An exact copy of the entries is required, with every image omitted.

▸ **Data**:
== Segment start ==

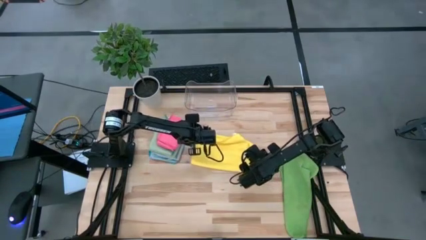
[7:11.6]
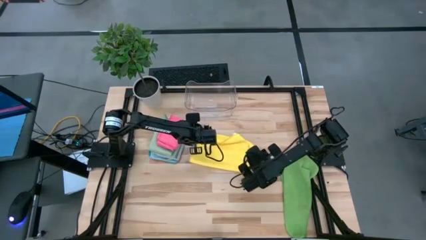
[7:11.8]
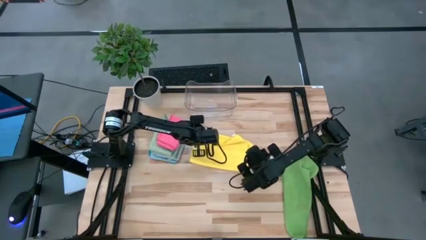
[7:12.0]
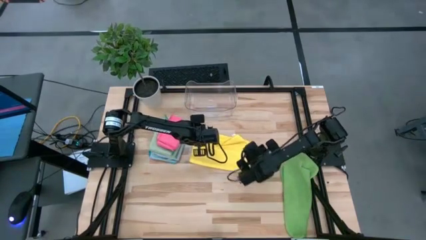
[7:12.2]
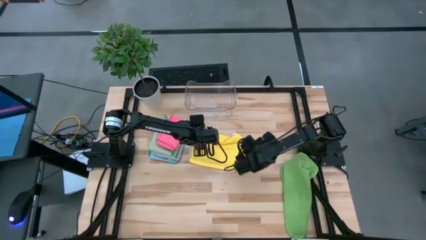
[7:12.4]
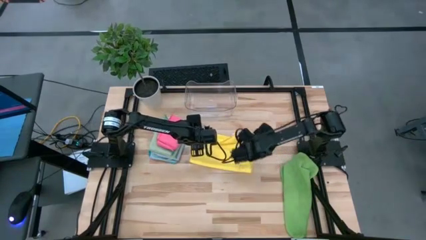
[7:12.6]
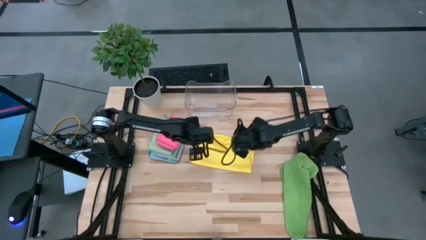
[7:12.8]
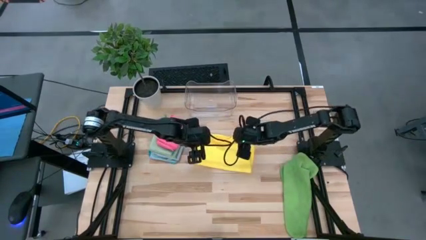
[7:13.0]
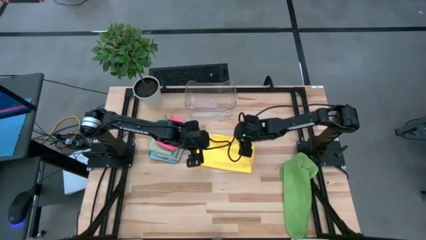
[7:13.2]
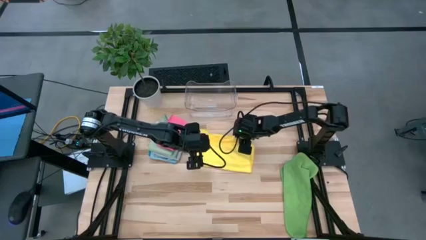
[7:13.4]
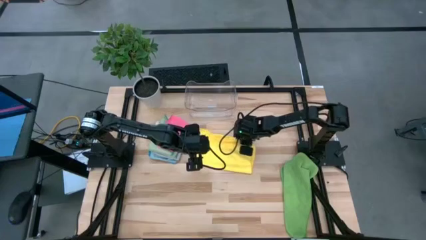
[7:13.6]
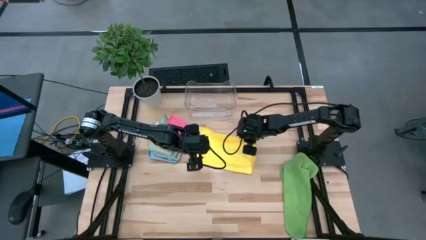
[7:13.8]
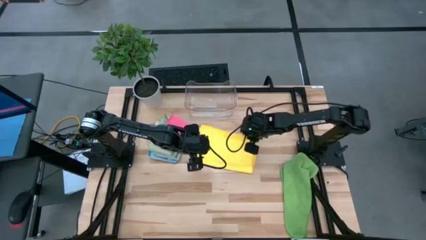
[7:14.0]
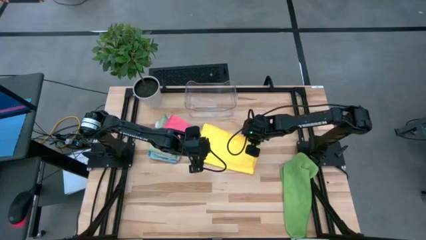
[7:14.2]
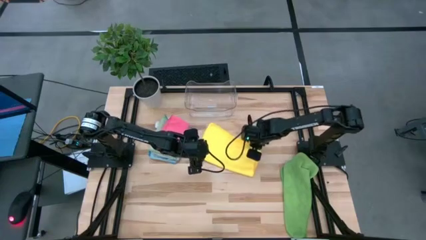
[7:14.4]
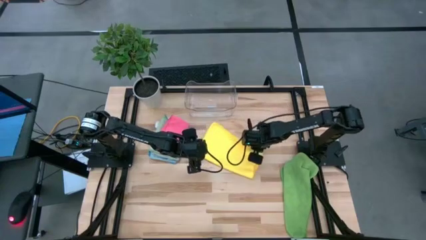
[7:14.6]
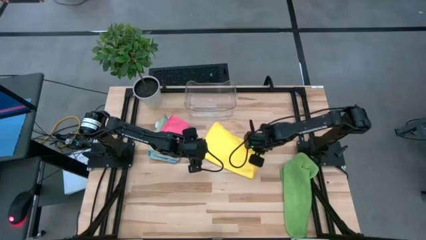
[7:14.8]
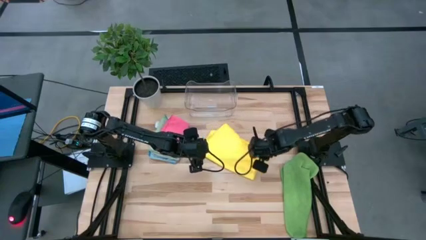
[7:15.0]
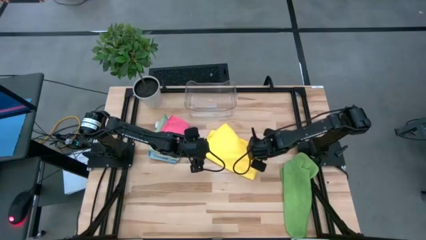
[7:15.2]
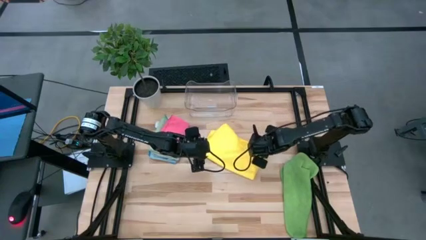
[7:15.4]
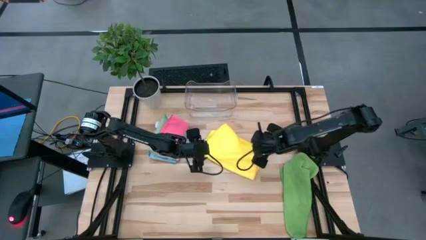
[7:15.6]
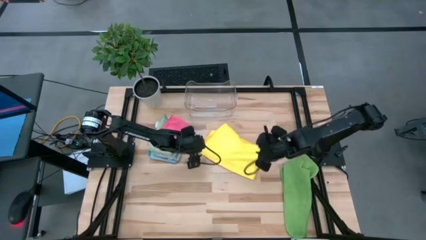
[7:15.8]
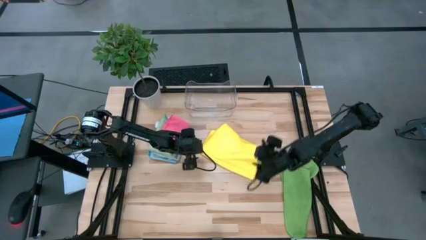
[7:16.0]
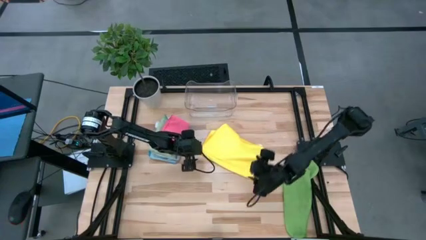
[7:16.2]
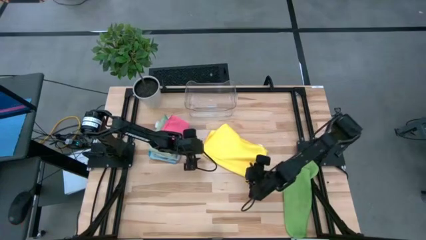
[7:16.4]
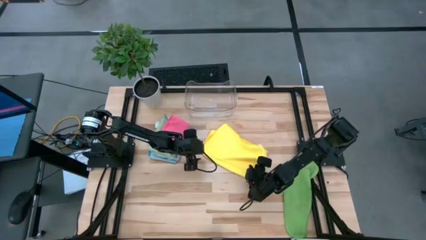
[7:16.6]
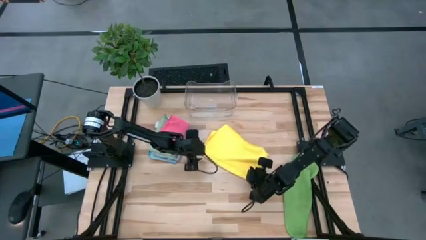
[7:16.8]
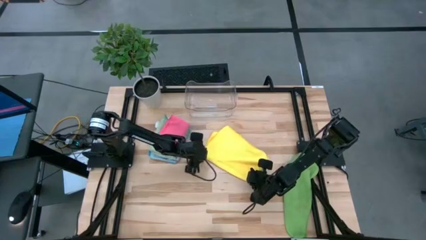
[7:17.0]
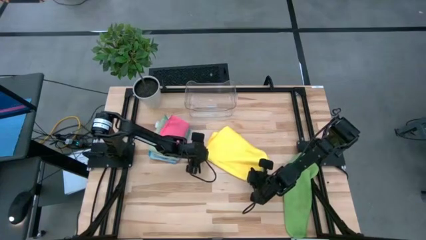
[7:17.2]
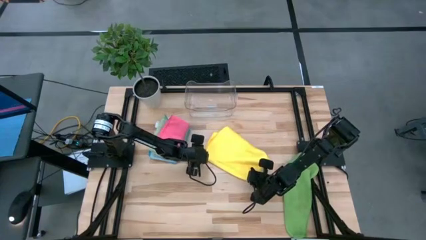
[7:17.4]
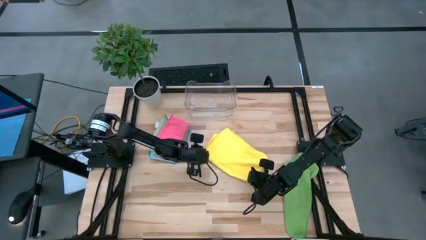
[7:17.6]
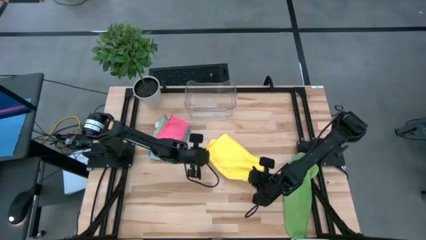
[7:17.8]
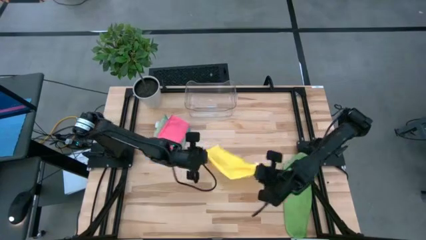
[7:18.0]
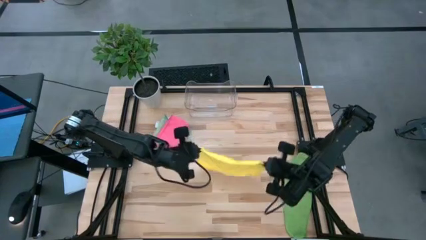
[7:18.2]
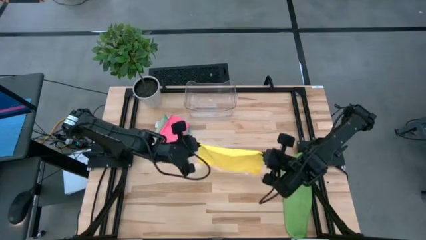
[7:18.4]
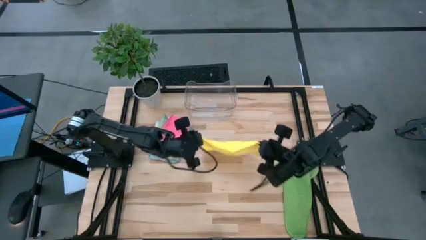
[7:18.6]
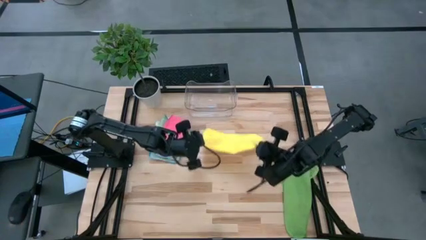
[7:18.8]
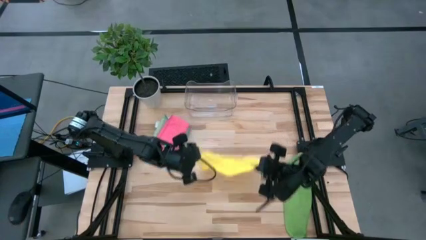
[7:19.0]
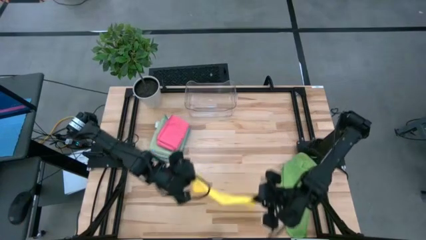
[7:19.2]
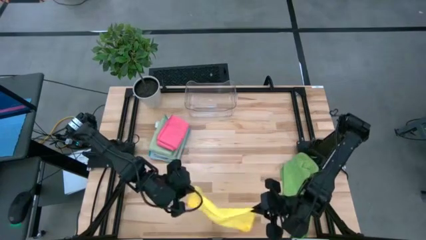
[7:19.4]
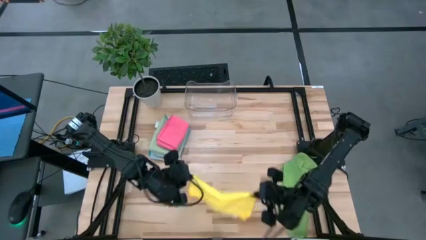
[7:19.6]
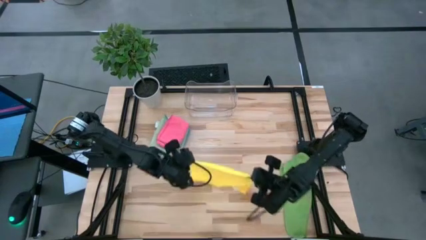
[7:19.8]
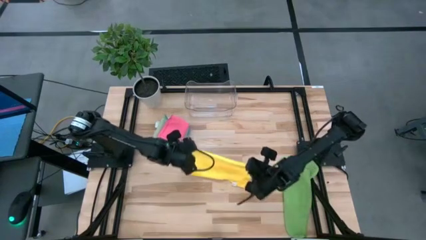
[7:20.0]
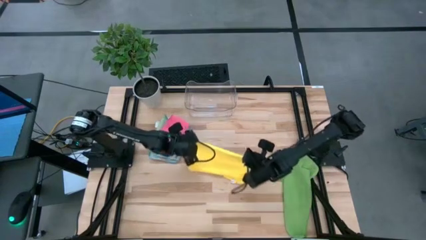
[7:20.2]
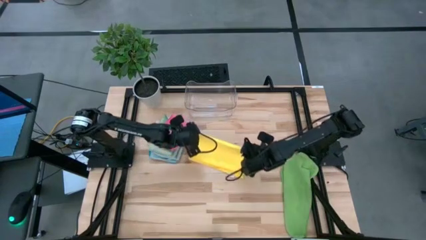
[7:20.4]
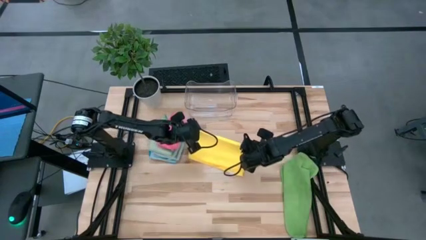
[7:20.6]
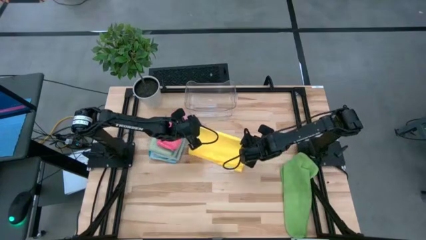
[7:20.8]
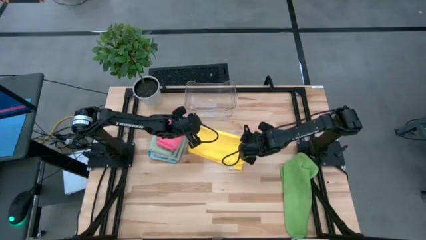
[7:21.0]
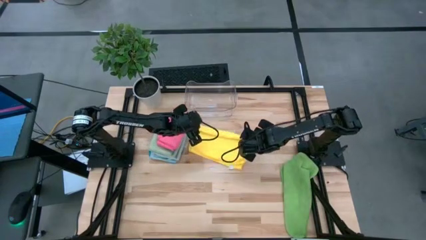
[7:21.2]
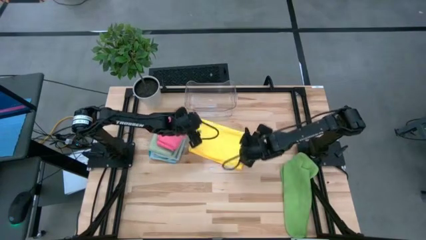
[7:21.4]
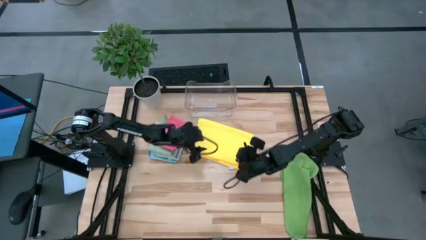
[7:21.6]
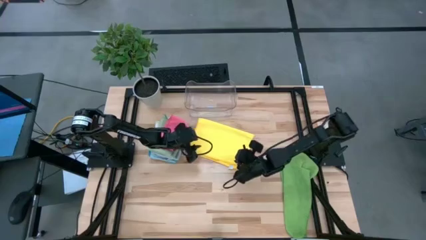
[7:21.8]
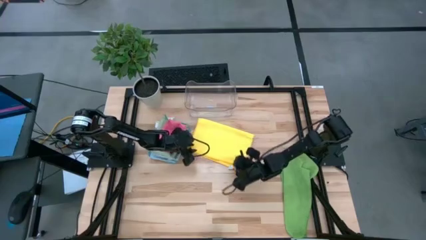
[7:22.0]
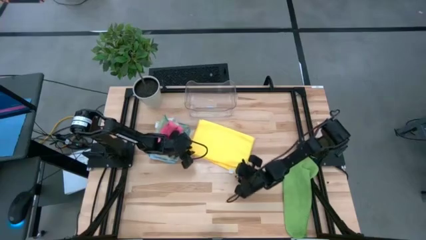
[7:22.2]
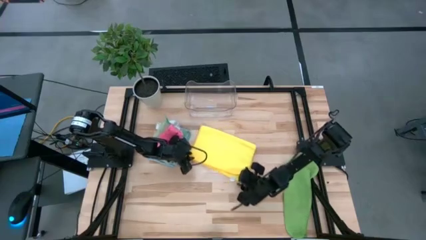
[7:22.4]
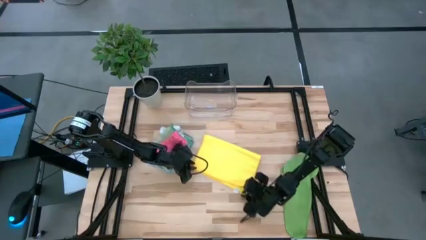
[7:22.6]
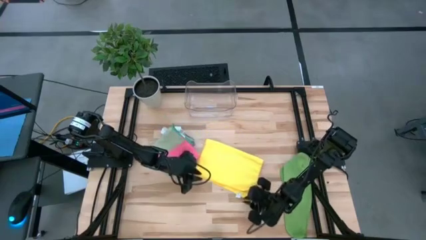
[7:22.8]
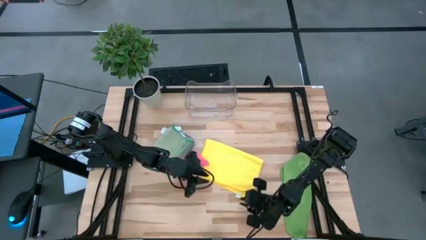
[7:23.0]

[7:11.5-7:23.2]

== Segment end ==

▸ **Output for this task**:
[7:11.6]
[7:11.8]
[7:12.0]
[7:12.2]
[7:12.4]
[7:12.6]
[7:12.8]
[7:13.0]
[7:13.2]
[7:13.4]
[7:13.6]
[7:13.8]
[7:14.0]
[7:14.2]
[7:14.4]
[7:14.6]
[7:14.8]
[7:15.0]
[7:15.2]
[7:15.4]
[7:15.6]
[7:15.8]
[7:16.0]
[7:16.2]
[7:16.4]
[7:16.6]
[7:16.8]
[7:17.0]
[7:17.2]
[7:17.4]
[7:17.6]
[7:17.8]
[7:18.0]
[7:18.2]
[7:18.4]
[7:18.6]
[7:18.8]
[7:19.0]
[7:19.2]
[7:19.4]
[7:19.6]
[7:19.8]
[7:20.0]
[7:20.2]
[7:20.4]
[7:20.6]
[7:20.8]
[7:21.0]
[7:21.2]
[7:21.4]
[7:21.6]
[7:21.8]
[7:22.0]
[7:22.2]
[7:22.4]
[7:22.6]
[7:22.8]
[7:23.0]

[7:11.5-7:23.2]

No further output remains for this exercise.